21.学力試験(結果)
学園に入学してから1月。
GWが明けたと思えば学力テストがあって今日はその結果が貼り出されていた。
掲示板いっぱいに1位から最下位まで。
「この学園は試験結果をフルオープンにするんだな」
「生徒の競争心を高める為だそうだが意味あるか?」
「どうでしょうね。
あと試験のランキングによってあだ名が付いたりもするそうですよ」
「好きだねぇ。この学園はそういうの」
何かある度にあだ名を付けたがってるようにも思える。
そこまでする意図はなんなのだろうか。
まぁ、上が考える事なんて大抵しょうもないことだけど。
少なくとも直接俺達に何かを強制してくるまでは気にしなくても良いだろう。
「あ、そういえば試験があったからかここ最近はようやく静かになったな」
「例の呼び出しか?」
「そうそう」
「4月中だけで4回もありましたからねぇ。どれも穏便にお帰り頂いた訳ですけど」
「穏便……まあ病院に搬送された人は居なかったみたいだし、逆恨みされている様子もないからそう表現してもいっか」
事ある毎に「村人Aらしくしろ」なんて言ってくる先輩が居たけれど、5月に入ってからはぱったり止まった。
まあ今でも藤白や有名人と馴れ馴れしくしていると鋭い目線を向けられることはあるけど、それなら藤白に告白しにいってついでに撃沈している奴らは良いのかと思ったらそちらは良いらしい。
「姫様の魅力に惹かれてしまうのは男子として仕方のない事だ。
それにそうして多くの男子から告白されたという実績が姫様の評価に繋がる。
お前か?お前は村人Aだろう。村人Aが姫様に告白して良い訳がない」
いったい何の評価だというのか。俺だったらそんな評価はいらないな。
あと後半は村人に対する差別だと思う。
別に今のところ彼女に告白したいとは思っていないから良いんだが。
ま、それより今は試験の結果か。
総合成績の上位に俺達の名前は残念ながら無い。
1クラス36人の6クラス、計216人が1学年に居る訳だがその中で俺は48位。
特別良くは無いが悪くも無い中の上ってところだ。
庸一はスポーツの方が得意とは言え別段頭が悪い訳でもないので120位。
ハルは得意不得意がはっきりしてるせいで平均点は低め。結果131位。
「ま、こんなもんだろうな」
「だな」
「僕も化学と古典はほぼ満点だったので文句なしです。
それよりもあれが気になりませんか?」
そう言いながらハルが指差したのは藤白の名前だ。
なんと堂々の1位の座を獲得していた。
こりゃまた藤白の周りは賑やかになるな。
「っと、噂をすれば藤白が来た」
「すげぇ。人垣が左右に割れたぞ」
「まさに姫様のおなりって感じですね」
「まあ本人は嬉しく無さそうだけどな」
藤白は苦笑を浮かべつつも「みなさん、ありがとうございます」なんて優等生な笑顔を浮かべつつ順位表をじっと眺めていた。
……ふむ。自分の順位だけなら先に答案も帰ってきているし何位かはすぐに分かりそうなものだけど、誰かの名前を探しているんだろうか。
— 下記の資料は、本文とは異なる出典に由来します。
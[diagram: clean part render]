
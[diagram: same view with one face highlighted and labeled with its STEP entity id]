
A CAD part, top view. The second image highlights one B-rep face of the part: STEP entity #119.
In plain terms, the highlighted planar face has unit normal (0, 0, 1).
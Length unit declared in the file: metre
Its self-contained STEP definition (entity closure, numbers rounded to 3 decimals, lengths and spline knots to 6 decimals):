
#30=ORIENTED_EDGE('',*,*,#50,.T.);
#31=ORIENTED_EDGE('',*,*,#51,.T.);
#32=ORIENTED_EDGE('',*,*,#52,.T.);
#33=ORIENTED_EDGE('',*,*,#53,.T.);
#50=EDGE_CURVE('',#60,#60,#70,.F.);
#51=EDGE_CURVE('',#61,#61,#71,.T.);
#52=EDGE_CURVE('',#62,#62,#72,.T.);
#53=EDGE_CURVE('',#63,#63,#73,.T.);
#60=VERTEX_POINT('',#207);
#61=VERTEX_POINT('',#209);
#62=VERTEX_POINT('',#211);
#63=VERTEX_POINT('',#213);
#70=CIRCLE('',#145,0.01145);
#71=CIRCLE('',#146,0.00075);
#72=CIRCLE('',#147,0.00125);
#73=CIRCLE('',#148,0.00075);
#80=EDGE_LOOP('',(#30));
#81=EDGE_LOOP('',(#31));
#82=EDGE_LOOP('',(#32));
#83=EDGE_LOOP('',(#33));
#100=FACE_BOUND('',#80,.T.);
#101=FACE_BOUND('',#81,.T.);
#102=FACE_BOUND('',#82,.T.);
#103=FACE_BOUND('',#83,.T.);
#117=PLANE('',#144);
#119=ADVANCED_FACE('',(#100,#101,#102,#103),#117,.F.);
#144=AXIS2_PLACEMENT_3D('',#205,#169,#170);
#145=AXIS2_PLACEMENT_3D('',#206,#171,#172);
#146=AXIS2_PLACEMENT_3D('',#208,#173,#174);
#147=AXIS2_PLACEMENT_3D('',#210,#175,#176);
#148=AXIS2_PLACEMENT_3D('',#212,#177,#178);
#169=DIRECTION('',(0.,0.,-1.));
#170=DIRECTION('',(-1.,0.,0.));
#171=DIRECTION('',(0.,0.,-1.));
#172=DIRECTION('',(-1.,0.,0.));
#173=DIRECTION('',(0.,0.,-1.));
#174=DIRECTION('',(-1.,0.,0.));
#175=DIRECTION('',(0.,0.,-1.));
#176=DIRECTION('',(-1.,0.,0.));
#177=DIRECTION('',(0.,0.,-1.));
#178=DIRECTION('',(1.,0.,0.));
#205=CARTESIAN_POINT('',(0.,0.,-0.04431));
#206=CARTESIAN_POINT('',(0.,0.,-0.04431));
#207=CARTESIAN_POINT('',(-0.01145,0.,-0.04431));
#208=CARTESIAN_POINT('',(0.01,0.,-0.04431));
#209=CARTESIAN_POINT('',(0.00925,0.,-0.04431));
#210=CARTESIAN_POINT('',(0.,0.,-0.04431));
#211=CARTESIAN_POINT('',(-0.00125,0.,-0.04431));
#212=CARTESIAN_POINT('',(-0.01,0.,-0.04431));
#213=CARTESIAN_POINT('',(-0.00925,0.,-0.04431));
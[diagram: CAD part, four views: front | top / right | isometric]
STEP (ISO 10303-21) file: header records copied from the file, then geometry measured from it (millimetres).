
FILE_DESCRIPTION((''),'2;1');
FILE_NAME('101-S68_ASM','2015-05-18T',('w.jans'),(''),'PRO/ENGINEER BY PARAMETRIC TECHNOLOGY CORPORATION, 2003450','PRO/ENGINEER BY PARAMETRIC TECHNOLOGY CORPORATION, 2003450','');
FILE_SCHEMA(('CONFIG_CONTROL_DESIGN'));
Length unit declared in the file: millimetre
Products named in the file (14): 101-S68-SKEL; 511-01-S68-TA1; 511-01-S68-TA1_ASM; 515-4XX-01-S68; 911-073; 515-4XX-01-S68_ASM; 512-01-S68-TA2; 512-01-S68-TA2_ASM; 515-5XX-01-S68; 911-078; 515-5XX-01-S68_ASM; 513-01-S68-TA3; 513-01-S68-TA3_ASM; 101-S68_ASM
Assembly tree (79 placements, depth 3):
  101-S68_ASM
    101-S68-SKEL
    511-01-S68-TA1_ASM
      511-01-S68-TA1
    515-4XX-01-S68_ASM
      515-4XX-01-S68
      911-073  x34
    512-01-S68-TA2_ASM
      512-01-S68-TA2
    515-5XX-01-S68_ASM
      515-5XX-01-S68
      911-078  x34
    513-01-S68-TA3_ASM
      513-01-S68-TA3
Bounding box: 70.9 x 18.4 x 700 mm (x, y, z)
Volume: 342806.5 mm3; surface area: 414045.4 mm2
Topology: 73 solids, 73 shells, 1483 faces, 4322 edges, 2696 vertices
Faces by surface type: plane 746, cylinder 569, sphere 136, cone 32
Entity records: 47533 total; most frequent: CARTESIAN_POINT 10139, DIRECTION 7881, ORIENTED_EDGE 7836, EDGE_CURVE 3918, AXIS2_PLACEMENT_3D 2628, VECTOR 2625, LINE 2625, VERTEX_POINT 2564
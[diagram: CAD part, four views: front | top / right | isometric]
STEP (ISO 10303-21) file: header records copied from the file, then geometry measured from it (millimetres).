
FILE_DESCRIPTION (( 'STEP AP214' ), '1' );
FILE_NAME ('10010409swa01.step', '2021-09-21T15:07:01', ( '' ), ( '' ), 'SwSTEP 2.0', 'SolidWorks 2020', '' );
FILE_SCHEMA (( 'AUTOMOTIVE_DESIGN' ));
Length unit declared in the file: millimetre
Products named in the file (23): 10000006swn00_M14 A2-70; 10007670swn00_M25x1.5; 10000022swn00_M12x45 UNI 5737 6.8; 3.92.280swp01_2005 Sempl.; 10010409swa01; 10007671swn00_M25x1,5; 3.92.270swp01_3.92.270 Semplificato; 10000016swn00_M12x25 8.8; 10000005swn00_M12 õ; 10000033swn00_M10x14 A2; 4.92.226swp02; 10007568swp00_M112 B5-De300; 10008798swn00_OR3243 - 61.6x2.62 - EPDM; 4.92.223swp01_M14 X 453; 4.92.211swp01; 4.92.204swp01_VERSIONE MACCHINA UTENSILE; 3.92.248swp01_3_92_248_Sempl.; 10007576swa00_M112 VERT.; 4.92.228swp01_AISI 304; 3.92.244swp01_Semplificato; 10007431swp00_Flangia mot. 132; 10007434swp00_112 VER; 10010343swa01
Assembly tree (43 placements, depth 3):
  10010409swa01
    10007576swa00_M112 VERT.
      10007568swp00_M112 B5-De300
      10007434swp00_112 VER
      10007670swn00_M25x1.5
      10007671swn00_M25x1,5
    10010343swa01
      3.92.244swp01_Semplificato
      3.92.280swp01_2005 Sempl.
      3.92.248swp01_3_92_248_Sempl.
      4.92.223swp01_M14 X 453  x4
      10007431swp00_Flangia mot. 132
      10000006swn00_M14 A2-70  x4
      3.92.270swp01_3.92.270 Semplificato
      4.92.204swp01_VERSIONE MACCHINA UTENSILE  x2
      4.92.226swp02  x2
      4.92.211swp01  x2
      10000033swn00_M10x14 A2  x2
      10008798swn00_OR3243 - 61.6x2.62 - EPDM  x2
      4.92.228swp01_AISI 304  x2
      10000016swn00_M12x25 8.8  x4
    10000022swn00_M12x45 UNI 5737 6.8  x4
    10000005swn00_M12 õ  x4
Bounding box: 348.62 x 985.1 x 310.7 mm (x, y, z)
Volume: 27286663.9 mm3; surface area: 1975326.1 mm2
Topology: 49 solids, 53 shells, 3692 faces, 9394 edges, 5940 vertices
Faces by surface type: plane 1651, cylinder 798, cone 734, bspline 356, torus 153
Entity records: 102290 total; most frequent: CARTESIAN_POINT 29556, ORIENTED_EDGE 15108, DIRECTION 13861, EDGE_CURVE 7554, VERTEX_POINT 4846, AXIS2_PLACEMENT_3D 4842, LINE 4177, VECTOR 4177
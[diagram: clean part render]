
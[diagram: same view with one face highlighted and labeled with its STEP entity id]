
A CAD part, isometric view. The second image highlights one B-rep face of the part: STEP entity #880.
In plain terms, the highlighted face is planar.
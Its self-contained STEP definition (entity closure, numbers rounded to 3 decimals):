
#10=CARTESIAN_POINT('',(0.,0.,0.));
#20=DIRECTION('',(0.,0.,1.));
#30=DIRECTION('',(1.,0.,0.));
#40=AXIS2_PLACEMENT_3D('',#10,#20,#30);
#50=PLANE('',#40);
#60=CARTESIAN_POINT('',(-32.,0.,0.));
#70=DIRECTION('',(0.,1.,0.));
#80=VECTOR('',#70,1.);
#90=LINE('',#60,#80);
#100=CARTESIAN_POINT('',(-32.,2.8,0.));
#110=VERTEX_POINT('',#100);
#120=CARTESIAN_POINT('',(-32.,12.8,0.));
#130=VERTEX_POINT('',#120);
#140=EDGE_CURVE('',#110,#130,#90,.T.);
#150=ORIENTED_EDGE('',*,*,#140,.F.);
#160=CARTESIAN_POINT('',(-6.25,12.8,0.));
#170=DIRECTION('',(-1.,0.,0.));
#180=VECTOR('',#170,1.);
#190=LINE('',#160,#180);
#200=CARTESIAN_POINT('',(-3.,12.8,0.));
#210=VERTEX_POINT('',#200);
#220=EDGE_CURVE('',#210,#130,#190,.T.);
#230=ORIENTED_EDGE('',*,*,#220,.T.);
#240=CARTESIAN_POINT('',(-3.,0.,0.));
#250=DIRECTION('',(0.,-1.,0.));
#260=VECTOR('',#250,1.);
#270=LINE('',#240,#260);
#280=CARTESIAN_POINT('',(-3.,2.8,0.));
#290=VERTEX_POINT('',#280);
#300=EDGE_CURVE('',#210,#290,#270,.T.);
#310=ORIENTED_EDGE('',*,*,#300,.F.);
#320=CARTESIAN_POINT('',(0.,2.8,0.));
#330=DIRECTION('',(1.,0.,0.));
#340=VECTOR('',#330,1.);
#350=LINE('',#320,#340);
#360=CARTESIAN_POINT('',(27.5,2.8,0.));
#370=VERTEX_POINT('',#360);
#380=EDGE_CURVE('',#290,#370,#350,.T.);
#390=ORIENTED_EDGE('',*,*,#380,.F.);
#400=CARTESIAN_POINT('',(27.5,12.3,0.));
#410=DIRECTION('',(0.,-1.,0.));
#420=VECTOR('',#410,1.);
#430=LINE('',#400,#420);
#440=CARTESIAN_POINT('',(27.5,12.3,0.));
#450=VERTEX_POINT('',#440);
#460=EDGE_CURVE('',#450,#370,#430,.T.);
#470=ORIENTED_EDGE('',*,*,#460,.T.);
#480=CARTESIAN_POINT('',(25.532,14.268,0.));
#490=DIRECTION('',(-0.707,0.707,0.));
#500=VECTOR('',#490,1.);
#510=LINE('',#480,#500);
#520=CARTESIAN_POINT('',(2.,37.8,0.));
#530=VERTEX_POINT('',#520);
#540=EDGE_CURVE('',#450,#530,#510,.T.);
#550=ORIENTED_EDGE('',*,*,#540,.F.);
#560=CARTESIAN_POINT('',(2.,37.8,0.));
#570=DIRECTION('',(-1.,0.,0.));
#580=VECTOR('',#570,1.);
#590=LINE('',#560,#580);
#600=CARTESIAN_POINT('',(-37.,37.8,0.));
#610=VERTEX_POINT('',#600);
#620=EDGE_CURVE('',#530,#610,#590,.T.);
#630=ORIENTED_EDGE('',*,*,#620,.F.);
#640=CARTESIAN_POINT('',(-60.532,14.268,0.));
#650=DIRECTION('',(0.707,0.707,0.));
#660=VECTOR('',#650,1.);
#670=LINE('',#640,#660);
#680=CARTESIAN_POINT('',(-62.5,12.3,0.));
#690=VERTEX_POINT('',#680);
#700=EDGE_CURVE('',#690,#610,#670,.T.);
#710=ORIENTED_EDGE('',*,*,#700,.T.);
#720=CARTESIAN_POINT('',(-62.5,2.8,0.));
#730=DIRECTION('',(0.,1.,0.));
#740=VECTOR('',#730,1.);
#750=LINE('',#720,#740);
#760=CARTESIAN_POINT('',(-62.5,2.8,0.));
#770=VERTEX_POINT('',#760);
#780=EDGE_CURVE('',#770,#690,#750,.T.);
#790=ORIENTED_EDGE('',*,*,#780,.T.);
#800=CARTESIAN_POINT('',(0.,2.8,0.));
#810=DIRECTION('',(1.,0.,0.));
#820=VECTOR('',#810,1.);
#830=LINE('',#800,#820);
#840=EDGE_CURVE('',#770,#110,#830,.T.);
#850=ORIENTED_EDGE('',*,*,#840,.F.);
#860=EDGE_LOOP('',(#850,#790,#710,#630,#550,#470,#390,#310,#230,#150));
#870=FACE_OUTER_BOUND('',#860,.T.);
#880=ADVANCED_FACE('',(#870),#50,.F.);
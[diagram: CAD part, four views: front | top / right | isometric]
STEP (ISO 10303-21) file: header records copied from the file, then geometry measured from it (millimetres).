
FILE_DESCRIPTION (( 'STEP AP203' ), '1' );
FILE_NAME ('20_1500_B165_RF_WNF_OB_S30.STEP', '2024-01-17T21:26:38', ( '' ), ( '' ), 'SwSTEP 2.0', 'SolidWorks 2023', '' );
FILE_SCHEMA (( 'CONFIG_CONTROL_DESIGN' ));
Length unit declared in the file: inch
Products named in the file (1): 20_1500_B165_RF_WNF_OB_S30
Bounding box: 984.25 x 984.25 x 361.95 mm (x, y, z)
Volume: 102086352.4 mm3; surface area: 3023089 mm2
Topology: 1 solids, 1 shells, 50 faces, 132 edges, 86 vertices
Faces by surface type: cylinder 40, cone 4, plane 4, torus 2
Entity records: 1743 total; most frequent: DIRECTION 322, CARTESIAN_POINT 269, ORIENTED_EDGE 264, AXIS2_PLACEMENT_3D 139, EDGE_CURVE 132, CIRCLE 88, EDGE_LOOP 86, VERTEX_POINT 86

その視線が50位くらいに向けられたところで、ふと振り返りなぜか目が合った。
(まさか俺の名前を探してた?)
そう思うのは自意識過剰か。
今もここには多くの生徒でごった返しているし偶然だよな。
ただ振り返ったことで藤白が順位表を見終えたと周りが判断したんだろう。
それまで我慢していたお祝いの言葉がライスシャワーのように藤白に浴びせられた。
「おめでとうございます、姫様!」
「さすが姫様です」
「天は二物を与えたというのはまさにこの事ですね」
「あはは、ありがとうございます。皆さん」
更にそこに試験の成績は学年7位だけど有名度で言えばトップと言っても過言ではない男子がやって来た。
「学年1位おめでとうございます。姫様」
「ありがとうございます。あなたは確かA組の聖さんでしたか」
「はい。聖騎士の聖です。顔を覚えて頂けていて光栄です」
「あの入学式の挨拶は衝撃的でしたからね」
そうだなぁ。
突然「僕は聖騎士になります」だもんな。
この学園じゃなければまだ中二病を患っているのかと思う所だ。
でもこいつの凄いところは有言実行だとばかりに常に背筋を伸ばして本当の騎士かと言いたくなる程かっちりと行動しているところだ。
まあ若干頭も硬そうなのが心配ではあるけど。
その聖は胸に腕を当てて敬礼のようなポーズを取った。
「姫様。今回は負けてしまいましたが次の年末考査では必ず僕が1位になってみせます。そしたら……」
と何かを言いかけたところで再び人垣が割れて現れたのは、俺達の学年で5本の指に入る有名人の『紅の王子』だった。